Let me tell you what approximism is NOT.  It isn’t a cynical shrug of the shoulders, a “who cares?” about communicating with the audience. It isn’t settling for poor or sloppy writing. It isn’t granting oneself permission to be less than the best writer one can be.  Approximism in no way resembles “cranking it out” on a deadline or for a grade.

Approximism can perhaps best be summed up by words from John Steinbeck I have quoted previously in another entry in this diary. Describing THE GRAPES OF WRATH, he once said, “It’s not good enough, but it’s the best I can do.”  This is the heart of approximism.

Here are the steps:

1) Make a commitment to write until you can’t write any better.  Whether you do that one painstakingly perfect page at a time or give yourself permission, as Anne Lamott famously quipped, to write “shitty first drafts,” what matters is the commitment to write the best finished product you can however you can.

2) Accept that there are always going to be different ways to say something, and don’t necessarily confuse that with better ways to say it. Try out different phrasings of passages that don’t seem just right yet, and then settle on making one possibility the absolute best you can make it.  If it still bugs you, try another way and do the same thing.  As a friend of mine once said, “I keep working on something until I quit running into things I don’t like.”  That’s the time to let it go.

3) Agonize over things as small as a word or a punctuation mark in ONE final edit (oh, okay, maybe two) and tell yourself that if this is all you can think of to do to your work, it’s done. Swallow hard at that point and go public with it, whether it’s to an open mike, a writing contest, or a publisher.  You need feedback now.

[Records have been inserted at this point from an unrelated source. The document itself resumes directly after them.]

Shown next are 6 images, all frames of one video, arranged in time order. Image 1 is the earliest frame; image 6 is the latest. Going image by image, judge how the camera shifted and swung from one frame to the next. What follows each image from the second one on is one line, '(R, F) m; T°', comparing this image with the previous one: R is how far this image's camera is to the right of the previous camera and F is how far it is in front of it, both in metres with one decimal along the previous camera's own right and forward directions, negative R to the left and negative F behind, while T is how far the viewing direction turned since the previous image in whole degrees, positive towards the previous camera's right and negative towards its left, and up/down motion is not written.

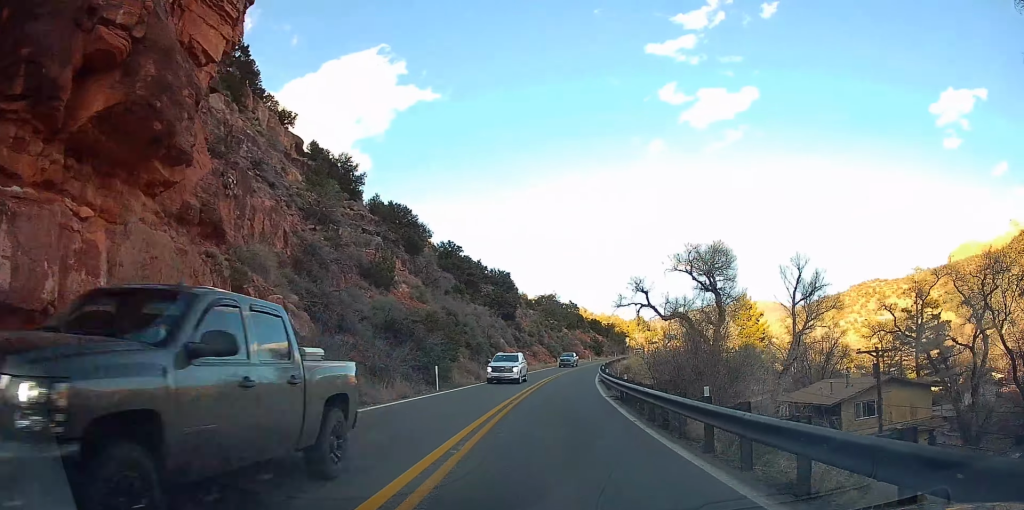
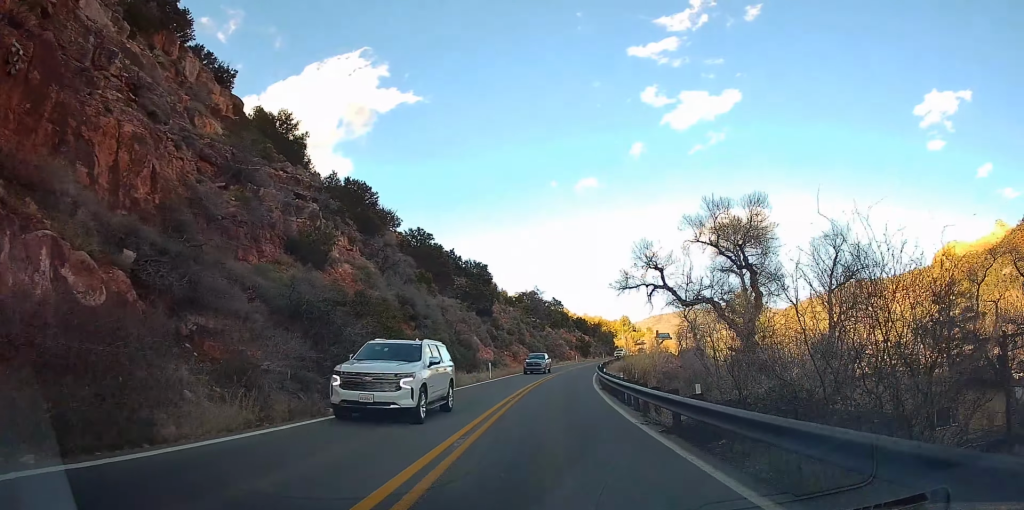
(-0.2, +11.6) m; 0°
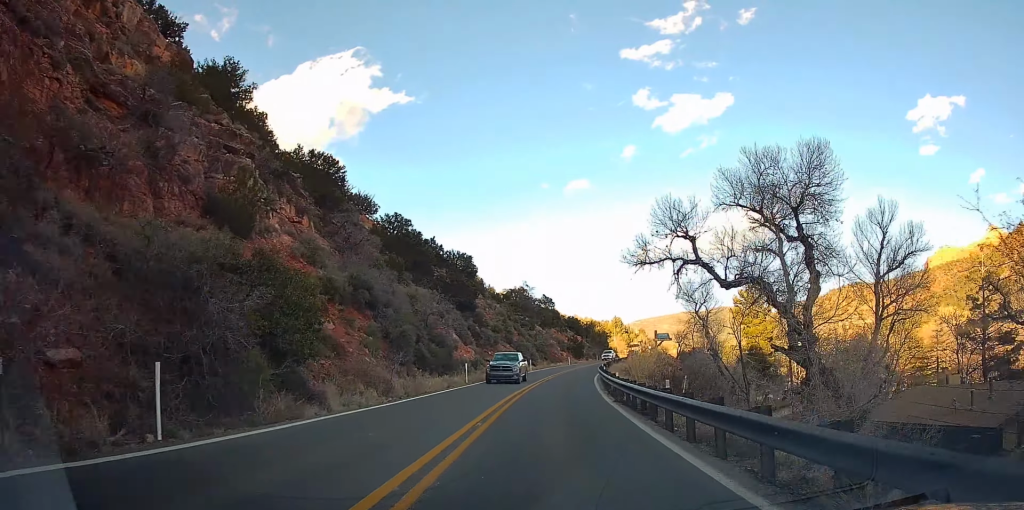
(+0.2, +9.0) m; +2°
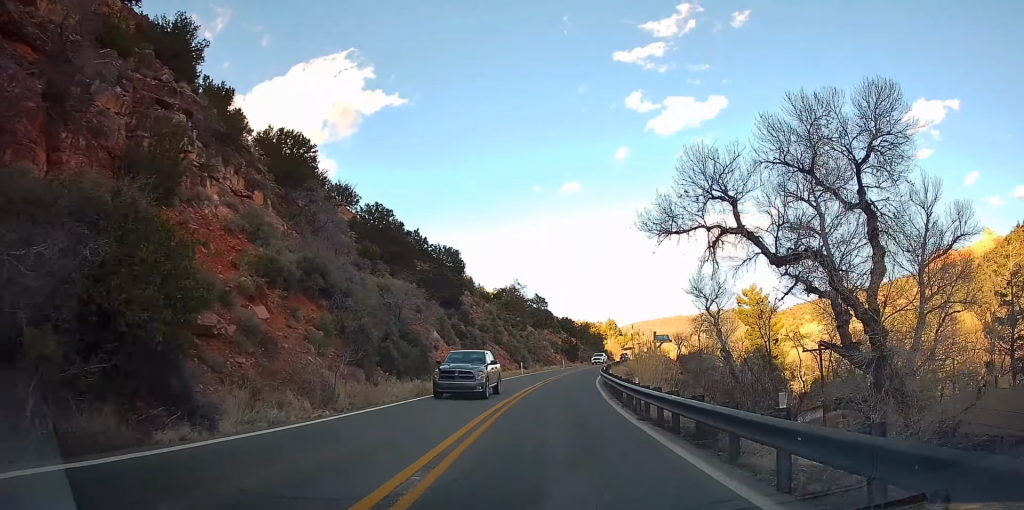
(-0.1, +6.4) m; +1°
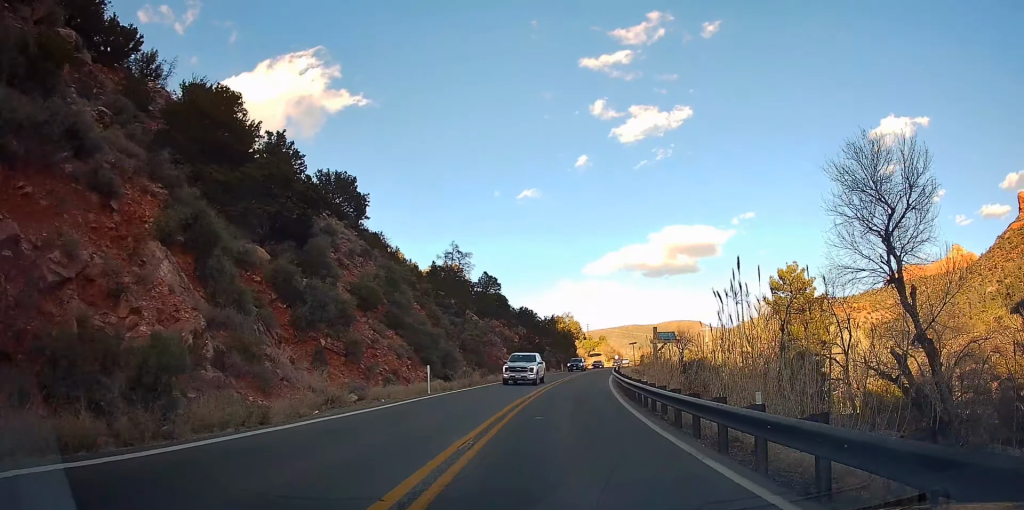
(+2.4, +33.5) m; +8°
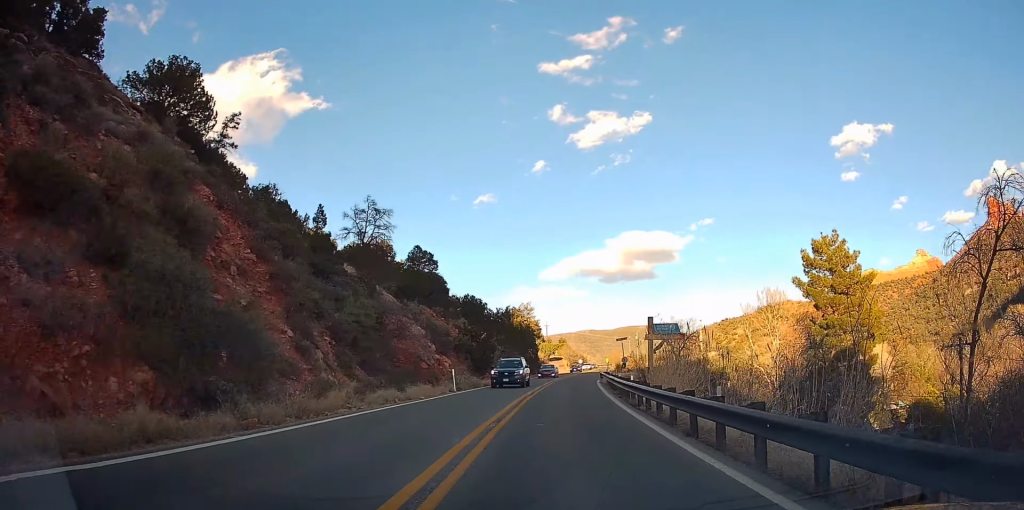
(+0.1, +21.8) m; -2°
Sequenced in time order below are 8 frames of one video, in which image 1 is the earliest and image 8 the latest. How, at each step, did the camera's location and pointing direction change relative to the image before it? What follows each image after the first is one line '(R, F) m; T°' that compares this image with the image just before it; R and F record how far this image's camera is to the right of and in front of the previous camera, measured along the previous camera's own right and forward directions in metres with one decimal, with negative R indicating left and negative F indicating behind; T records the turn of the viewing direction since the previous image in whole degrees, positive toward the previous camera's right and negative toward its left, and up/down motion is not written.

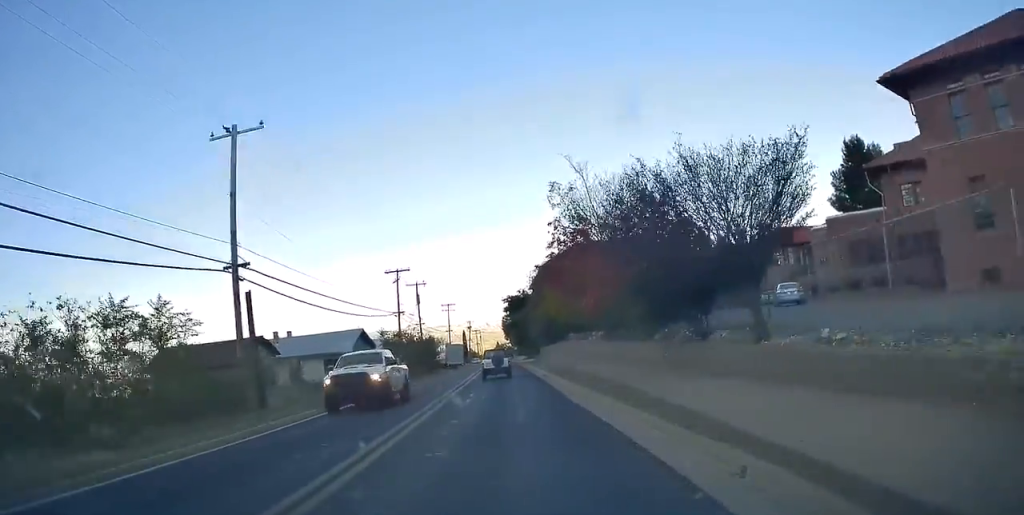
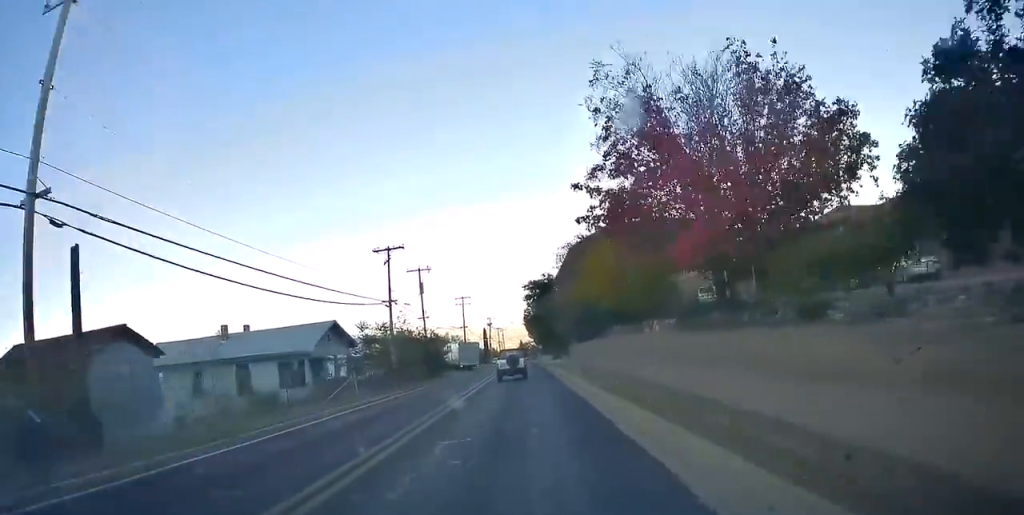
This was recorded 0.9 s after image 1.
(-1.0, +11.9) m; -2°
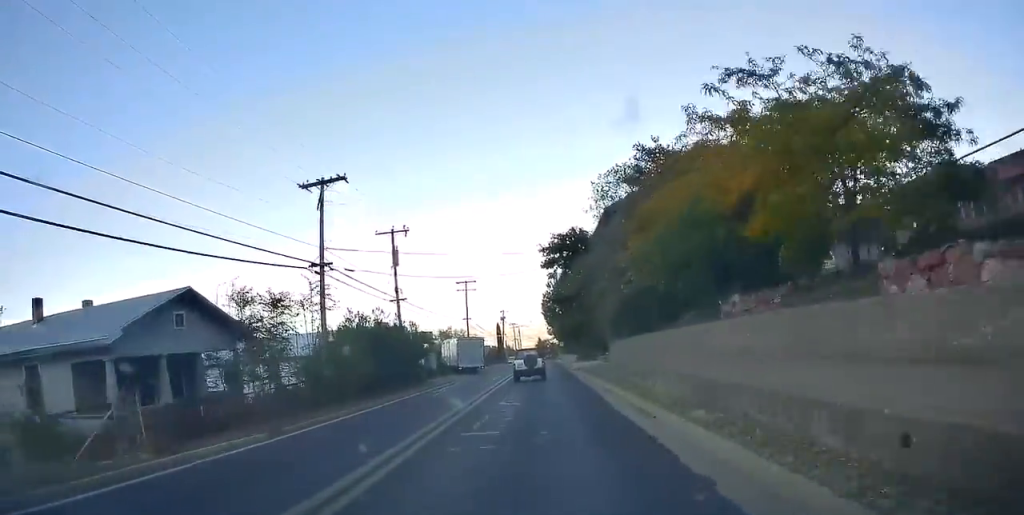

Good readers will tell you how to make something better. Even if  criticism makes you feel misunderstood and unappreciated, don’t you want to feel understood and appreciated?  How else will that happen except by knowing where your words have fallen short?

I’ll write about unhelpful criticism and rejection another day. Even published authors get plenty of both, but I think approximists may be able to handle setbacks a little better than perfectionists can.  After all, we know what we wrote isn’t good enough. Perhaps we may decide it isn’t the best we can do after all and dig back in to try one more time.

Approximists of the World, Unite!   Or something sort of along those lines….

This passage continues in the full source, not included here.